United States. From an Iranian point of view, the Americans are

simply being unreasonably aggressive. Supreme Jurisprudent Ali

Khamenei has given a fatwa or formal religious ruling against

nuclear weapons, and President Ahmadinejad at his inauguration

denounced such arms and committed Iran to remaining a nonnuclear

weapons state.

In fact, the Iranian regime has gone further, calling for the

Middle East to be a nuclear-weapons-free zone. On Feb. 26,

Ahmadinejad said: We too demand that the Middle East be free of

nuclear weapons; not only the Middle East, but the whole world

should be free of nuclear weapons.

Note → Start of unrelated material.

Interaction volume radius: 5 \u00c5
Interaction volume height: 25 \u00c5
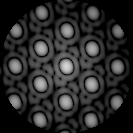
Disorder parameter: 0.01587

Only Israel among the states of

the Middle East has the bomb, and its stockpile provoked the arms

race with Iraq that in some ways led to the U.S. invasion of 2003.

The U.S. has also moved nukes into the Middle East at some points,

either on bases in Turkey or on submarines.

Iran is a signatory of the Nuclear Non-Proliferation Treaty and has

allowed the International Atomic Energy Agency to inspect and

monitor its nuclear energy research program, as required by the

treaty. It raised profound suspicions, however, with its one

infraction against the treaty--which was to conduct some secret

civilian research that it should have reported and did not, and

which was discovered by inspectors. Tehran denies having military

labs aiming for a bomb, and in November of 2003 the IAEA formally

announced that it could find no proof of such a weapons program.

The U.S. reaction was a blustery incredulity, which is not actually

an argument or proof in its own right, however good U.S. Ambassador

to the United Nations John Bolton is at bunching his eyebrows and

glaring.

The Nuclear Non-Proliferation Treaty allows Iran to develop

civilian nuclear energy, and the United States itself urged Iran to

build reactors in the 1970s. Iran does not have a heavy-water

breeder reactor, which is the easy way to get a bomb. It does have

light-water reactors for energy production, but these cannot be

used to get enough fissionable material to make a bomb. Although

Vice President Dick Cheney has made light of an oil state seeking

nuclear energy, it would be a rational economic policy to use

nuclear energy for domestic needs and sell petroleum on the world

market. Certainly, the NPT permits such a policy.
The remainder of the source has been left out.